In the world's number one economy - at the moment number one; others are catching up - a particular danger has arisen from privatisation of security and defence-related industries. So the wheel is perhaps coming full circle. From the threat that nationalisation would convert a private-enterprise economy into a centrally controlled, socialist economy, we are now reaching to the point at which a too-private economy might be or is already being transformed into a corporate/fascist economy - and a fascist political and strategic system.
The catchcry of "no new taxes" expressed so succinctly and with such worldwide impact by George Bush senior, preceded him in the "Voodoo economics" - as Bush himself called it - of the supplysiders and Reagan. Again, there was an element of validity in the concept of reinforcing the supplyside; but it got hopelessly distorted in the way it was implemented. Instead of leading us back to a well-managed Keynesianism, it led us into the financial instabilities that are becoming increasingly apparent in the second Bush Administration.

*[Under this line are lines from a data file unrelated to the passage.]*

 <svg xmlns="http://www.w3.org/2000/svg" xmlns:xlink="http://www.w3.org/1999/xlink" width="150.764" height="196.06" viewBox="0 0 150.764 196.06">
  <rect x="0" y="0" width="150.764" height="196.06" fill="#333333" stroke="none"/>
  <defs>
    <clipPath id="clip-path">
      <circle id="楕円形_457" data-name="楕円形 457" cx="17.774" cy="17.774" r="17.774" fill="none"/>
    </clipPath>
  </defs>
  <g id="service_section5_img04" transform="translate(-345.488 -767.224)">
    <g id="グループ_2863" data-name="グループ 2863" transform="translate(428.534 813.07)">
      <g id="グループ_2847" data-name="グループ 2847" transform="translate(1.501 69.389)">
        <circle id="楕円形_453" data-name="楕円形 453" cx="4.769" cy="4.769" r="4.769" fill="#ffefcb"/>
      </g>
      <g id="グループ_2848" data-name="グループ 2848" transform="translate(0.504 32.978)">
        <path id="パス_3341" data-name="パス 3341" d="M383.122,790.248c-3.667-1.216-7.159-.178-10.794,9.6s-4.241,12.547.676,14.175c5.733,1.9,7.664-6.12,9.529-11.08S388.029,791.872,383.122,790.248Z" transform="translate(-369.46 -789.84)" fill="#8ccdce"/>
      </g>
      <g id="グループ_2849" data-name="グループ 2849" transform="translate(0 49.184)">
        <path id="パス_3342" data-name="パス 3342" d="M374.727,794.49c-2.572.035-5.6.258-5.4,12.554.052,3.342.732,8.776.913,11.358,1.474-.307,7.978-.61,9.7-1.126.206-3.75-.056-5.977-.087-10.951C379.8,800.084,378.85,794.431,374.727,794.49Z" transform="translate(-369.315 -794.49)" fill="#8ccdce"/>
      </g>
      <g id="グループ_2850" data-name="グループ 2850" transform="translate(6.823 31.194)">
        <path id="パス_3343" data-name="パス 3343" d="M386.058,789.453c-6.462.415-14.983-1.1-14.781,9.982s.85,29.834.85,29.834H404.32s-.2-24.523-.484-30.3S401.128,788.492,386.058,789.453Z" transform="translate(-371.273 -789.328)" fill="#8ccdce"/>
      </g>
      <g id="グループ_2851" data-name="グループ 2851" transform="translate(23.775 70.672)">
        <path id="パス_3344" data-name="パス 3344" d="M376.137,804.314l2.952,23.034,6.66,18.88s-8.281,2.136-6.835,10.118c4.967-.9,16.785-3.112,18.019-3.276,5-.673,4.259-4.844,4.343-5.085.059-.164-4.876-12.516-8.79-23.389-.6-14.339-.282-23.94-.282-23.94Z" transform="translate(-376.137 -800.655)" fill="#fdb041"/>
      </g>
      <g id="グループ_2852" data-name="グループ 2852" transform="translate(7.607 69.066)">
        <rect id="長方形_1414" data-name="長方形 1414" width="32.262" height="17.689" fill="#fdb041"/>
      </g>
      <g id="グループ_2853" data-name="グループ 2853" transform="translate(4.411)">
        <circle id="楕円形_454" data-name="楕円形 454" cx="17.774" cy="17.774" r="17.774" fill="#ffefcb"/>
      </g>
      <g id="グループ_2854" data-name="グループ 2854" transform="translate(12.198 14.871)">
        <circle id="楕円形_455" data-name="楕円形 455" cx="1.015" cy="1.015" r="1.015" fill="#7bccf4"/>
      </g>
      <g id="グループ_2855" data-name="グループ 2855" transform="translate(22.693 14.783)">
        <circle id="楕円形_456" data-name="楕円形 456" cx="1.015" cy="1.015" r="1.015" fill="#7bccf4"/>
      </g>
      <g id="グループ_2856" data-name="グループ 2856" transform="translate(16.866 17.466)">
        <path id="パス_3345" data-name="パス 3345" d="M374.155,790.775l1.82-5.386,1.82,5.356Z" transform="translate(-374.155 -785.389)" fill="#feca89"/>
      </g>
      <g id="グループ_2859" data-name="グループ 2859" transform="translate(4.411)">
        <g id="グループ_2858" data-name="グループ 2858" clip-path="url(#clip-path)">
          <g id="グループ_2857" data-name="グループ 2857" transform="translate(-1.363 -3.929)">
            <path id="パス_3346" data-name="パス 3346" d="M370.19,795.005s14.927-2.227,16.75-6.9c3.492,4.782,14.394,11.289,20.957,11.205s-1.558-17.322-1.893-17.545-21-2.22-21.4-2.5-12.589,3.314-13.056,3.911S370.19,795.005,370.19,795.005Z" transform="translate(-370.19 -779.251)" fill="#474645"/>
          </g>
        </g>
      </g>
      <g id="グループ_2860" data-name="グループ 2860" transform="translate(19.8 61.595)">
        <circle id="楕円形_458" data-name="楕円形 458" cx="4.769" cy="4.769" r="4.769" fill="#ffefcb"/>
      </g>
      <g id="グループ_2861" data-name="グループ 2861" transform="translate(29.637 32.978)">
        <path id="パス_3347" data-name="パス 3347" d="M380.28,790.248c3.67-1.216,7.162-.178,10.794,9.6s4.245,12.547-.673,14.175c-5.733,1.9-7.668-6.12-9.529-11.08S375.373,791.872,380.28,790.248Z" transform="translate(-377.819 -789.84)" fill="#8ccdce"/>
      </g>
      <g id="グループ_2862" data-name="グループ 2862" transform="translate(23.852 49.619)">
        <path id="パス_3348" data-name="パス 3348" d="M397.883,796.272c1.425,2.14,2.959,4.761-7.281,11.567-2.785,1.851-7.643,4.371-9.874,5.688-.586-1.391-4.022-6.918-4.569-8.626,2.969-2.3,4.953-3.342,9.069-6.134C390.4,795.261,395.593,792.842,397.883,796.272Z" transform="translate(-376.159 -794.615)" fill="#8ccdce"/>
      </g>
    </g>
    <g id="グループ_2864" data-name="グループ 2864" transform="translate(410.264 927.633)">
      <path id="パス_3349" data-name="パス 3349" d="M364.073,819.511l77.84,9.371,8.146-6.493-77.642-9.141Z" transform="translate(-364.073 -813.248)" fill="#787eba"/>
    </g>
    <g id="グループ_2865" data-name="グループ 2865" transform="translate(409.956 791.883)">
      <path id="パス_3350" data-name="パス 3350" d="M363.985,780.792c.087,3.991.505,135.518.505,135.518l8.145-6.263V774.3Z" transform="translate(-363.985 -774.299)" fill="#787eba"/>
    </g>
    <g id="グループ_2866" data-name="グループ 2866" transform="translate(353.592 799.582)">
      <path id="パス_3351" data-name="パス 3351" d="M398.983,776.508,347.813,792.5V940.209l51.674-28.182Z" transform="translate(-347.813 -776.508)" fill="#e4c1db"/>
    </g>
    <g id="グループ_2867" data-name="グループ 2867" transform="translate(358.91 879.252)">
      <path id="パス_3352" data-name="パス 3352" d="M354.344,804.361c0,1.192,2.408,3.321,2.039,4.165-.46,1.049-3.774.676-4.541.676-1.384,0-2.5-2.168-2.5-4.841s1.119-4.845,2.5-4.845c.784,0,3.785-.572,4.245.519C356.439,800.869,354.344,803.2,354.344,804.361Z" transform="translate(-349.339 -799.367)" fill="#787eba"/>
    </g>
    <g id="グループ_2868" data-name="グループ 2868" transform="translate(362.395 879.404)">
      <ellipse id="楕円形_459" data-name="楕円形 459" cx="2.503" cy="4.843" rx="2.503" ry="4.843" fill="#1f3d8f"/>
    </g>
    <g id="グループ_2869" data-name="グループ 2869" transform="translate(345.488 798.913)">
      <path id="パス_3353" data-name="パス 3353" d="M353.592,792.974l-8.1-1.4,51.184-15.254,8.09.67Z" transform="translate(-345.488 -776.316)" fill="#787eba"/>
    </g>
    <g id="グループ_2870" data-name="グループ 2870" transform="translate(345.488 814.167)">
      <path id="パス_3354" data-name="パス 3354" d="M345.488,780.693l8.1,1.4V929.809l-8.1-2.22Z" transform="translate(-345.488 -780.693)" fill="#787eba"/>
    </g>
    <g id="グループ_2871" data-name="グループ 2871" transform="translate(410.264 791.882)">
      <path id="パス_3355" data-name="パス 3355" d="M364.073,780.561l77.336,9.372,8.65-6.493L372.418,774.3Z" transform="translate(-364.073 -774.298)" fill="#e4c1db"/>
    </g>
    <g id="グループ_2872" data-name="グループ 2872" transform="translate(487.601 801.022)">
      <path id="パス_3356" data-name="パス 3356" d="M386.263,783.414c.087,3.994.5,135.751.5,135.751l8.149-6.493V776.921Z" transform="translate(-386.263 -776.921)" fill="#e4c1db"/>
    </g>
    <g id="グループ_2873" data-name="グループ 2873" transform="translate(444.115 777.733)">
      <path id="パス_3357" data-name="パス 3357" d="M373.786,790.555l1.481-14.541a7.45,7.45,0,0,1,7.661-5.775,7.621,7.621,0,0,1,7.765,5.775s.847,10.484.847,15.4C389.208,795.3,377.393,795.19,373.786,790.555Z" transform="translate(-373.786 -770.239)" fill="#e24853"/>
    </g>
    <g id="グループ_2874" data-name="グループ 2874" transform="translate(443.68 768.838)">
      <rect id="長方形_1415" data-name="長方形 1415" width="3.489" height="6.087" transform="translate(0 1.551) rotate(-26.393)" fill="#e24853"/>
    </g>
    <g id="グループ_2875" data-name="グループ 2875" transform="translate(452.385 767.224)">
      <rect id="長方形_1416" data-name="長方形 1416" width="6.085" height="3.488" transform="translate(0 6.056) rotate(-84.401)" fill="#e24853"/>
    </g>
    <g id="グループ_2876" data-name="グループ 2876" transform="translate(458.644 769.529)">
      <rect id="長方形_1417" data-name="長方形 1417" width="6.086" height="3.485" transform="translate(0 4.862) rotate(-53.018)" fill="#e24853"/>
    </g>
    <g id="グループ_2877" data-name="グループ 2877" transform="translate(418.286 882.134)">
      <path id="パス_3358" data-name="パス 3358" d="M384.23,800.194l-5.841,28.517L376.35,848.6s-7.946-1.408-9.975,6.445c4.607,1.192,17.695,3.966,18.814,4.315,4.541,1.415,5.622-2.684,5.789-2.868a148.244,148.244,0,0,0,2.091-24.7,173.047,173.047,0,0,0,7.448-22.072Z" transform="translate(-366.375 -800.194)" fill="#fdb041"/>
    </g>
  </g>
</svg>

So we come back to the question, "What was wrong with the old ways of the 'Keynesians'?"
The answer is that their ways were, in practice and with proof over a quarter of a century, the best that we managed to find during the twentieth century. They lifted us out of the despair of the 1930s after fighting a war that was, in part at least, a product of that despair.
However, like all systems or policies or whatever, they themselves brought about changes of an economic, social and political kind that, after a period, called for modifications. If we want to be precise, that point was reached round about 1969.
The fundamentals of Keynesianism remained valid; what was needed was to adapt them to the new circumstances they had created.
Now, after thirty years of wandering in the wilderness, we still need what would be, fundamentally, Keynesian approaches and Keynesian policies. They would be based, essentially, on the same means of promoting and maintaining investment, productivity and production, as those we depended on in the 1945-70 period. However, we would need to implement those policies in the light of the economic and financial, social, political and strategic situation as it exists right now in 2004.
We should not look for another catchcry - Keynesianism instead of monetarism or privatisation or globalisation, but a rounded consideration of what economic policies are needed to give us stability and growth - prosperity and more equality - a planet at peace that looks wisely at its own health and those who are sustained by it.
This is not an impossible task; but, for thirty years and more, we have been impossibly inept at going about it.